I was doing the integration task with FPU before, now I'm struggling with SSE.

My main problem is when I was using FPU stack, there was the fsin function, which could be used on the number, which is at the top of the stack (st0).

Now I want to calculate the sine of my all four numbers in XMM0, or calculate it somewhere else and move into XMM0. I'm using the AT&T syntax.

I think the second idea is actually possible, but I don't know how :)
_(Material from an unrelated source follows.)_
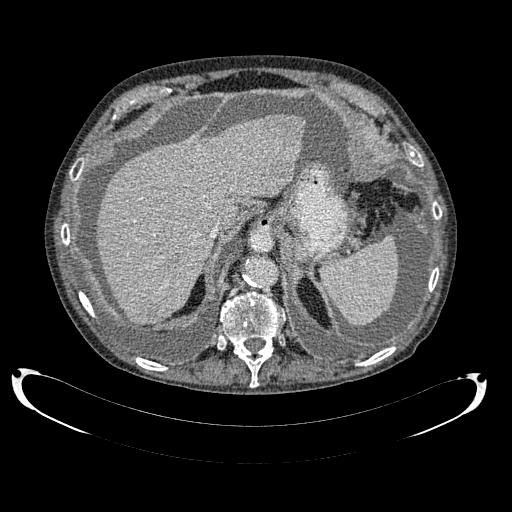 CT slice

Liver = l=96, t=114, r=306, b=323.
Hepatic lesion = l=282, t=121, r=301, b=147; l=146, t=304, r=156, b=316.

Does anybody know how to do it?

Gabe
  • 84,912
  • 12
  • 139
  • 238
pawel
  • 5,976
  • 15
  • 46
  • 68
  • sinus? I don't think that means what you think it does (and it's not a verb). – Mahmoud Al-Qudsi May 13 '12 at 10:25
  • fsin doesn't sinus the value on top of the stack? – pawel May 13 '12 at 10:27
  • It's called 'sine' in English. – zch May 13 '12 at 11:03
  • This answer is relevant: http://stackoverflow.com/a/1845204/1256624 (Summary, SSE doesn't appear to provide a native `sin` instruction). Also, this page looks like it might help: http://gruntthepeon.free.fr/ssemath/ – huon May 13 '12 at 11:06
  • @dbaupp I know that SSE doesn't provie it, but maybe you know how to insert values from fpu stack into xmm0? – pawel May 13 '12 at 11:20
  • Google turns up [this](http://www.asmcommunity.net/board/index.php?topic=30778.0). (The second link I provided up above appears to have implementations of `sin`/`cos`/etc in SSE; these may even be more performant, due to vectorization and SSE generally being better etc.) – huon May 13 '12 at 11:27
  • The fsin (etc) instructions were pretty bad anyway. Only useful when optimizing for size - and in that case you probably won't be using SSE. This may be useful: http://devmaster.net/forums/topic/4648-fast-and-accurate-sinecosine/ (add reduction if you're outside the range) – harold May 13 '12 at 12:46

1 Answers1

4

Three options:

  1. Use and existing library that computes sin on SSE vectors.
  2. Write your own vector sin function using SSE.
  3. Store the vector to memory, use fsin to compute the sine of each element, and load the results. Assuming that your stack is 16-byte aligned and has 16-bytes of space, something like this:

       movaps  %xmm0, (%rsp)
       mov     $3,     %rcx
    0: flds   (%rsp,%rcx,4)
       fsin
       fstps  (%rsp,%rcx,4)
       sub     $1,     %rcx
       jns     0b
    

(1) is almost certainly your best bet performance-wise, and is also the easiest. If you have significant experience writing vector code and know a priori that the arguments fall into some range, you may be able to get better performance with (2). Using fsin will work, but it's ugly and slow and not particularly accurate, if that matters.

Stephen Canon
  • 103,815
  • 19
  • 183
  • 269